The protocol-level cycle by which a language model uses external capabilities. Covers the four phases (declaration, request, execution, continuation), the message-history state model that ties them together, the structural differences between vendor protocols (Anthropic tool-use, OpenAI function-calling, Model Context Protocol, Gemini function calling), parallel tool calls, streaming tool calls, the runtime's role as orchestrator, error encoding inside the cycle, and the boundary between model-side intent and runtime-side execution.

## Philosophy

A tool-call flow is the smallest unit of agentic capability. Strip away orchestration patterns, multi-agent coordination, evaluation harnesses — what remains is a single language model alternating turns with a runtime that executes capabilities on its behalf. Understanding this cycle precisely is the foundation for understanding everything that builds on it.

The cycle's defining property is the separation of planning from execution. The model produces structured intent; the runtime carries it out. This separation is not a workaround for current model capabilities; it is a deliberate design choice that makes the system auditable, composable, and recoverable. A system that fuses the two — by letting the model execute code directly, or by letting the runtime make decisions — gains expressiveness and loses every benefit the separation provides.

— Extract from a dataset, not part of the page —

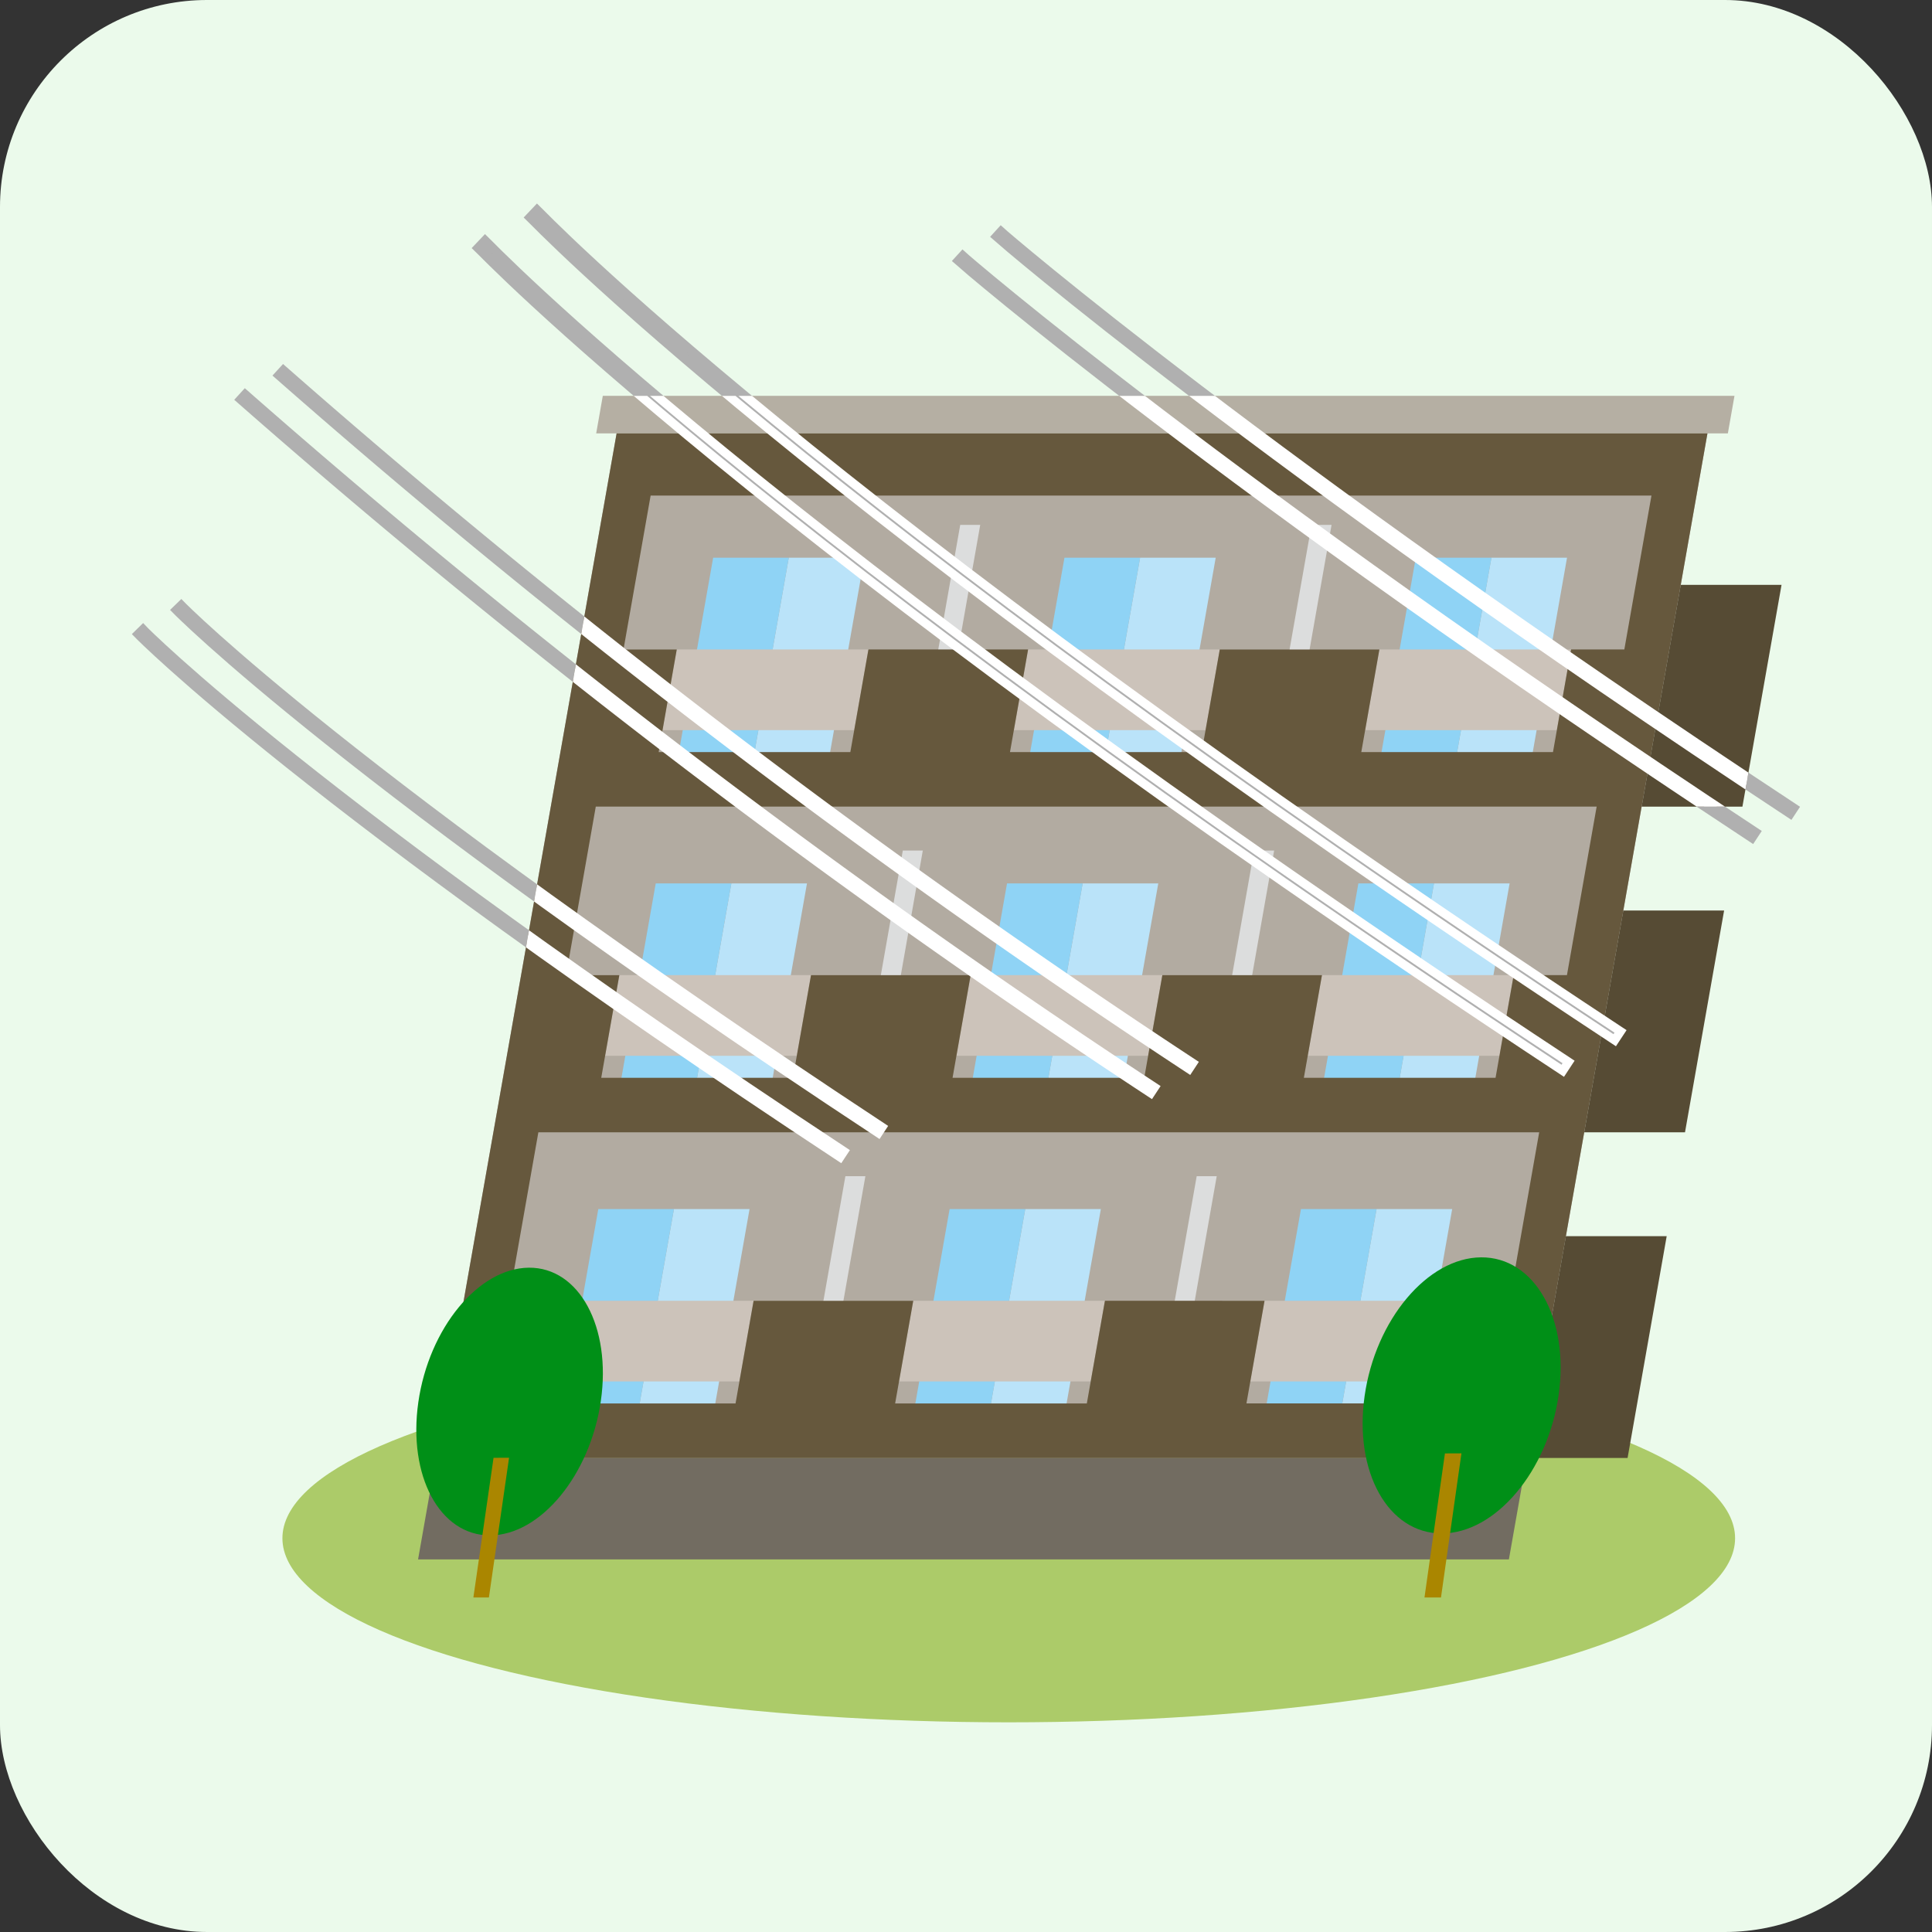 <svg xmlns="http://www.w3.org/2000/svg" xmlns:xlink="http://www.w3.org/1999/xlink" width="140" height="140" viewBox="0 0 140 140"><rect x="0" y="0" width="140" height="140" fill="#333333" stroke="none"/><defs><style>.a{fill:none;}.b{fill:#ebfaeb;}.c,.q{fill:#b0b0b0;stroke-miterlimit:10;stroke-width:0.632px;}.c{stroke:#b0b0b0;}.d{fill:#accb69;}.e{fill:#b2aba1;}.f{fill:#dcdddd;}.g{fill:#bae3f9;}.h{fill:#8fd3f5;}.i{fill:#ccc3ba;}.j{fill:#726c61;}.k{fill:#b5afa3;}.l{fill:#66583d;}.m{fill:#564b34;}.n{fill:#008f17;}.o{fill:#aa8600;}.p{clip-path:url(#a);}.q{stroke:#fff;}</style><clipPath id="a"><path class="a" d="M126.263,58.451,129.1,42.38h-7.305l1.936-10.975h1.479l.48-2.72H43.681l-.479,2.72h1.48l-11.1,62.946a14.3,14.3,0,0,0-3.406,9.4c-6.109,2.178-9.712,4.84-9.712,7.716,0,7.367,23.564,13.34,52.633,13.34s52.633-5.973,52.633-13.34c0-2.528-2.776-4.893-7.6-6.907l2.642-14.982H113.47L114.8,82.05h7.3l2.834-16.071h-7.305L115.08,80.447l3.879-22Z"/></clipPath></defs><title>img_w03_03</title><rect class="b" width="140" height="140" rx="15"/><path class="c" d="M117.007,75.378l.422-.639C58.762,36.065,39.171,15.433,38.92,15.194l-.527.556C38.644,15.988,58.274,36.661,117.007,75.378Z"/><path class="c" d="M113.243,77.593l.421-.64C54.987,38.275,35.405,17.648,35.154,17.41l-.527.555C34.878,18.2,54.509,38.878,113.243,77.593Z"/><path class="c" d="M86.158,77.458l.277-.421a594.543,594.543,0,0,1-65.9-50.218l-.34.372A595.165,595.165,0,0,0,86.158,77.458Z"/><path class="c" d="M83.387,79.21l.277-.42a594.5,594.5,0,0,1-65.9-50.218l-.34.373A595.149,595.149,0,0,0,83.387,79.21Z"/><path class="c" d="M63.644,82.1l.277-.422C25.328,56.24,13.251,43.973,13.134,43.852l-.362.351C12.89,44.324,24.991,56.622,63.644,82.1Z"/><path class="c" d="M60.872,83.852l.277-.42C22.541,57.983,10.479,45.725,10.362,45.6L10,45.955C10.118,46.077,22.218,58.374,60.872,83.852Z"/><path class="c" d="M129.723,58.974l.277-.421C91.388,33.1,72.8,17.013,72.534,16.768l-.34.373C72.464,17.386,91.076,33.5,129.723,58.974Z"/><path class="c" d="M126.95,60.726l.277-.421c-38.611-25.451-57.2-41.54-57.464-41.784l-.34.372C69.691,19.138,88.3,35.252,126.95,60.726Z"/><ellipse class="d" cx="73.098" cy="111.466" rx="52.633" ry="13.34"/><polygon class="e" points="31.591 105.648 110.637 105.648 123.728 31.405 44.682 31.405 31.591 105.648"/><polygon class="f" points="86.717 85.232 88.168 85.232 85.129 102.466 83.678 102.466 86.717 85.232"/><polygon class="f" points="61.26 85.232 62.709 85.232 59.67 102.466 58.221 102.466 61.26 85.232"/><polygon class="f" points="90.878 61.633 92.329 61.633 89.29 78.868 87.839 78.868 90.878 61.633"/><polygon class="f" points="65.421 61.633 66.87 61.633 63.831 78.868 62.382 78.868 65.421 61.633"/><polygon class="f" points="95.039 38.034 96.49 38.034 93.451 55.269 92.001 55.269 95.039 38.034"/><polygon class="f" points="69.582 38.034 71.031 38.034 67.993 55.269 66.543 55.269 69.582 38.034"/><polygon class="g" points="71.533 103.268 77.012 103.268 79.772 87.613 74.293 87.613 71.533 103.268"/><polygon class="h" points="66.053 103.268 71.533 103.268 74.293 87.613 68.813 87.613 66.053 103.268"/><polygon class="g" points="96.991 103.268 102.471 103.268 105.231 87.613 99.751 87.613 96.991 103.268"/><polygon class="h" points="91.511 103.268 96.991 103.268 99.751 87.613 94.272 87.613 91.511 103.268"/><polygon class="g" points="46.075 103.268 51.555 103.268 54.316 87.613 48.836 87.613 46.075 103.268"/><polygon class="h" points="40.595 103.268 46.075 103.268 48.836 87.613 43.355 87.613 40.595 103.268"/><polygon class="g" points="75.694 79.67 81.173 79.67 83.933 64.014 78.454 64.014 75.694 79.67"/><polygon class="h" points="70.214 79.67 75.694 79.67 78.454 64.014 72.974 64.014 70.214 79.67"/><polygon class="g" points="101.152 79.67 106.632 79.67 109.392 64.014 103.912 64.014 101.152 79.67"/><polygon class="h" points="95.672 79.67 101.152 79.67 103.912 64.014 98.433 64.014 95.672 79.67"/><polygon class="g" points="50.237 79.67 55.716 79.67 58.477 64.014 52.997 64.014 50.237 79.67"/><polygon class="h" points="44.756 79.67 50.237 79.67 52.997 64.014 47.517 64.014 44.756 79.67"/><polygon class="g" points="79.855 56.071 85.334 56.071 88.095 40.415 82.616 40.415 79.855 56.071"/><polygon class="h" points="74.375 56.071 79.855 56.071 82.616 40.415 77.135 40.415 74.375 56.071"/><polygon class="g" points="105.313 56.071 110.793 56.071 113.553 40.415 108.074 40.415 105.313 56.071"/><polygon class="h" points="99.833 56.071 105.313 56.071 108.074 40.415 102.594 40.415 99.833 56.071"/><polygon class="g" points="54.398 56.071 59.877 56.071 62.638 40.415 57.158 40.415 54.398 56.071"/><polygon class="h" points="48.917 56.071 54.398 56.071 57.158 40.415 51.678 40.415 48.917 56.071"/><polygon class="i" points="98.925 52.907 112.816 52.907 113.846 47.064 99.955 47.064 98.925 52.907"/><polygon class="i" points="73.468 52.907 87.359 52.907 88.389 47.064 74.498 47.064 73.468 52.907"/><polygon class="i" points="48.01 52.907 61.9 52.907 62.93 47.064 49.04 47.064 48.01 52.907"/><polygon class="i" points="94.764 76.507 108.655 76.507 109.685 70.662 95.794 70.662 94.764 76.507"/><polygon class="i" points="69.306 76.507 83.198 76.507 84.228 70.662 70.337 70.662 69.306 76.507"/><polygon class="i" points="43.849 76.507 57.738 76.507 58.769 70.662 44.879 70.662 43.849 76.507"/><polygon class="i" points="90.603 100.105 104.493 100.105 105.524 94.261 91.633 94.261 90.603 100.105"/><polygon class="i" points="65.145 100.105 79.037 100.105 80.067 94.261 66.176 94.261 65.145 100.105"/><polygon class="i" points="39.688 100.105 53.577 100.105 54.608 94.261 40.718 94.261 39.688 100.105"/><polygon class="j" points="30.295 113.001 109.34 113.001 110.637 105.648 31.591 105.648 30.295 113.001"/><polygon class="k" points="43.202 31.405 125.207 31.405 125.687 28.685 43.681 28.685 43.202 31.405"/><path class="l" d="M44.682,31.405,31.591,105.648h79.046l13.091-74.243ZM39.012,82.05h72.524l-2.153,12.211h-3.859l-1.311,7.436H90.322l1.311-7.436H80.067L78.756,101.7H64.865l1.311-7.436H54.608L53.3,101.7H39.407l1.311-7.436h-3.86Zm4.161-23.6H115.7l-2.153,12.211h-3.859L108.374,78.1H94.483l1.311-7.435H84.228L82.917,78.1H69.026l1.311-7.435H58.769L57.458,78.1H43.568l1.311-7.435h-3.86Zm3.974-22.539h72.524l-1.966,11.152h-3.859L112.535,54.5H98.644l1.311-7.434H88.389L87.078,54.5H73.187L74.5,47.064H62.93L61.619,54.5H47.729l1.311-7.434H45.18Z"/><polygon class="m" points="120.775 89.577 113.47 89.577 110.637 105.648 117.941 105.648 120.775 89.577"/><polygon class="m" points="124.936 65.979 117.631 65.979 114.798 82.05 122.102 82.05 124.936 65.979"/><polygon class="m" points="129.097 42.38 121.792 42.38 118.959 58.451 126.263 58.451 129.097 42.38"/><path class="n" d="M112.946,101.074c-.785,5.538-4.579,10.036-8.466,10.045s-6.378-4.455-5.594-9.968,4.555-10.006,8.433-10.039S113.731,95.538,112.946,101.074Z"/><polygon class="o" points="103.223 115.761 104.419 115.76 105.902 105.315 104.705 105.32 103.223 115.761"/><path class="n" d="M43.539,101.518c-.774,5.369-4.37,9.731-8.024,9.742s-5.968-4.316-5.2-9.661,4.348-9.7,8-9.737S44.313,96.151,43.539,101.518Z"/><polygon class="o" points="34.303 115.761 35.428 115.76 36.889 105.633 35.764 105.638 34.303 115.761"/><g class="p"><path class="q" d="M117.007,75.378l.422-.639C58.762,36.065,39.171,15.433,38.92,15.194l-.527.556C38.644,15.988,58.274,36.661,117.007,75.378Z"/><path class="q" d="M113.243,77.593l.421-.64C54.987,38.275,35.405,17.648,35.154,17.41l-.527.555C34.878,18.2,54.509,38.878,113.243,77.593Z"/><path class="q" d="M86.158,77.458l.277-.421a594.543,594.543,0,0,1-65.9-50.218l-.34.372A595.165,595.165,0,0,0,86.158,77.458Z"/><path class="q" d="M83.387,79.21l.277-.42a594.5,594.5,0,0,1-65.9-50.218l-.34.373A595.149,595.149,0,0,0,83.387,79.21Z"/><path class="q" d="M63.644,82.1l.277-.422C25.328,56.24,13.251,43.973,13.134,43.852l-.362.351C12.89,44.324,24.991,56.622,63.644,82.1Z"/><path class="q" d="M60.872,83.852l.277-.42C22.541,57.983,10.479,45.725,10.362,45.6L10,45.955C10.118,46.077,22.218,58.374,60.872,83.852Z"/><path class="q" d="M129.723,58.974l.277-.421C91.388,33.1,72.8,17.013,72.534,16.768l-.34.373C72.464,17.386,91.076,33.5,129.723,58.974Z"/><path class="q" d="M126.95,60.726l.277-.421c-38.611-25.451-57.2-41.54-57.464-41.784l-.34.372C69.691,19.138,88.3,35.252,126.95,60.726Z"/></g></svg>

The four-phase structure is identical across every current vendor protocol. The names differ, the message shapes differ, the encoding of parallelism differs, but the cycle — declare, request, execute, continue — is the same. A practitioner who understands the cycle can move between Anthropic, OpenAI, MCP, and Gemini at the cost of a translation layer; a practitioner who understands only one vendor's encoding cannot.

## The Four Phases

| Phase | Who acts | Output | Becomes |
|---|---|---|---|
| 1. Declaration | Runtime | List of tools with name, description, JSON-Schema parameter spec | Part of the request to the model |
| 2. Request | Model | Assistant message with one or more tool-call blocks (or a final-answer message — ending the cycle) | Appended to message history |
| 3. Execution | Runtime | Result of invoking the named tool with the supplied arguments | A tool-result message |
| 4. Continuation | Runtime | Tool-result message paired with the request by ID | Appended to message history; cycle repeats |

The cycle ends when the model emits an assistant message *without* any tool-call blocks. The final message's content is the final answer.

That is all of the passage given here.